Teşekkür ediyorum. Fuat, “orijinal” bir adam gerçekten de. Emrah Kaman’ın canlandırdığı Ekrem adlı dondurmacının, sevdiği kızı tekrar elde etme çabasında onun yanında olan ama aslında onu hiç anlamayan, kendi dünyasında biri Fuat. Öyle ki kız arkadaşı, Ekrem’in evlilik teklifini reddettiğinde sırf yüzük boşa gitmesin diye bunu alıp sevdiği kıza vermeyi düşünüyor. Ancak sonra ondan da vazgeçip poposunu biraz daha çıkık göstermek için bıçak altına yatıyor ve bu ameliyatta kullanıyor yüzüğün parasını. Kötü bir adam değil Fuat ama dünyası böyle, değişik bir karakter. Okuduğum an çok hoşuma gitmişti bu rol. Zaten çok da keyifle oynadım. Emrah ve Murat Kaman ile tanışmak çok keyifliydi. Onlarsız geçen zamanlara kızabilirsin. Murat Kaman ile Murat Dündar birlikte yönettiler. Murat Dündar’la çalışmak da çok güzel bir deneyimdi benim için. Deli Aşk’ın setinde inanılmaz rahattım. Pek frenli bir adam olmadığım için yıllarca tırsarak oynadım hep ama babam gibi sevdiğim Mustafa Şevki Doğan sağolsun bu durumu kıran yönetmenlerden biri oldu. Murat Kaman ve Murat Dündar için de aynı durum geçerli.
 
● Doğaçlama yeteneğin mi tırsarak oynamana neden oluyordu?
Tabii, komedinin en büyük avantajı ve de aynı zamanda handikapıdır doğaçlama. Senaryoya bağlı kalmazsan bazı yönetmenler sana, “Canım bunu kendi filminde yaparsın” deyip motivasyonunu düşürür. Bir de 10 kişilik bir kadroda herkesin doğaçlama yapıldığı düşünülürse 120 dakikalık dizi, 180 dakikaya çıkar. Baykut ve Mustafa Şevki Abi, olayın içeriğini bozmadan yaptığım için kabul ettiler. Aynı durum Deli Aşk setinde de geçerliydi.
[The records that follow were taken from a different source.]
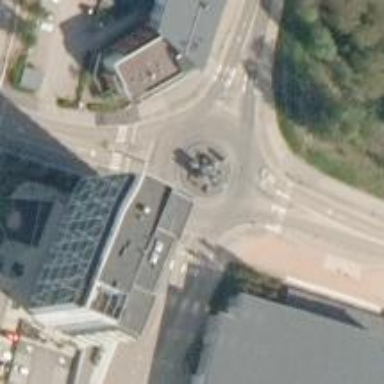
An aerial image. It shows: Secondary road around roundabout.
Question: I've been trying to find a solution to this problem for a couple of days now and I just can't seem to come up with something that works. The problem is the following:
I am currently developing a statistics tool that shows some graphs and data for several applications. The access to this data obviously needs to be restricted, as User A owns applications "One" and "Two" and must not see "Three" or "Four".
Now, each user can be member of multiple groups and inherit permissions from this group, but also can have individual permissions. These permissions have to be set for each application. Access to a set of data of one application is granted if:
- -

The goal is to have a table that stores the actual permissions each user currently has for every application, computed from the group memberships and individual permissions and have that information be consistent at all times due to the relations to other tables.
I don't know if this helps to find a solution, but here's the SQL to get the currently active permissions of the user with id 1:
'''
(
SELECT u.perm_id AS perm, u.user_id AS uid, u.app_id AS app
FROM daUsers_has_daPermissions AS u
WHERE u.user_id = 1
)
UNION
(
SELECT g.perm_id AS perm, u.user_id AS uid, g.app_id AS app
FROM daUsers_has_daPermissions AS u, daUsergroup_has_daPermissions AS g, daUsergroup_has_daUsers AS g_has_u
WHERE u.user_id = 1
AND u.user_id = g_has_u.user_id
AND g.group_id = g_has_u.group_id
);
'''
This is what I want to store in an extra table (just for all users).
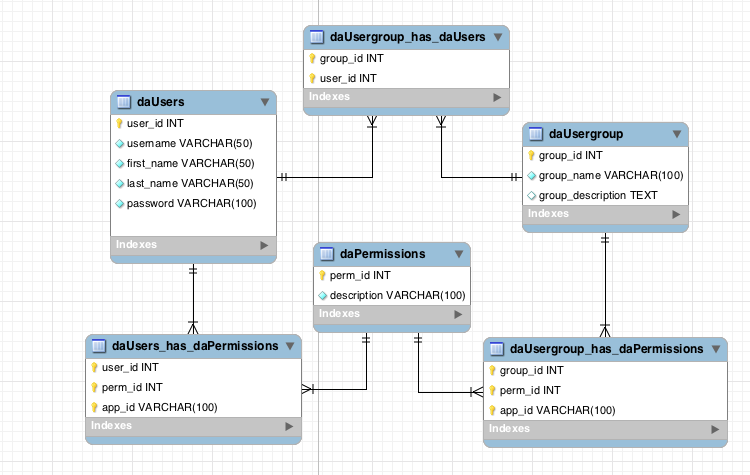
Answer: Sounds to me you should use a view. You already have the query, use the query to create a view.

Hatta Cem Abi (Yılmaz) filmin galasında önümde oturuyordu, bir sahnede bana dönüp; “Boşun yok arkadaş, bir ara ver” demişti. Yerdeki şişeyle bile oynayabiliyorum veya sahne biter ve yürüyerek kadrajdan çıkarsın ya o sırada dahi milleti güldürecek şeyler söylüyorum. Kafam sadece bu işe çalışıyor benim. Herkes bir şansla doğar, benimki de insanları güldürebilmek. Allah bana doğaçlama kafası bahşetmiş.
 
● Doğaçlama kafasını iyi kullanıp meyvelerini topladığını söyleyebiliriz o zaman.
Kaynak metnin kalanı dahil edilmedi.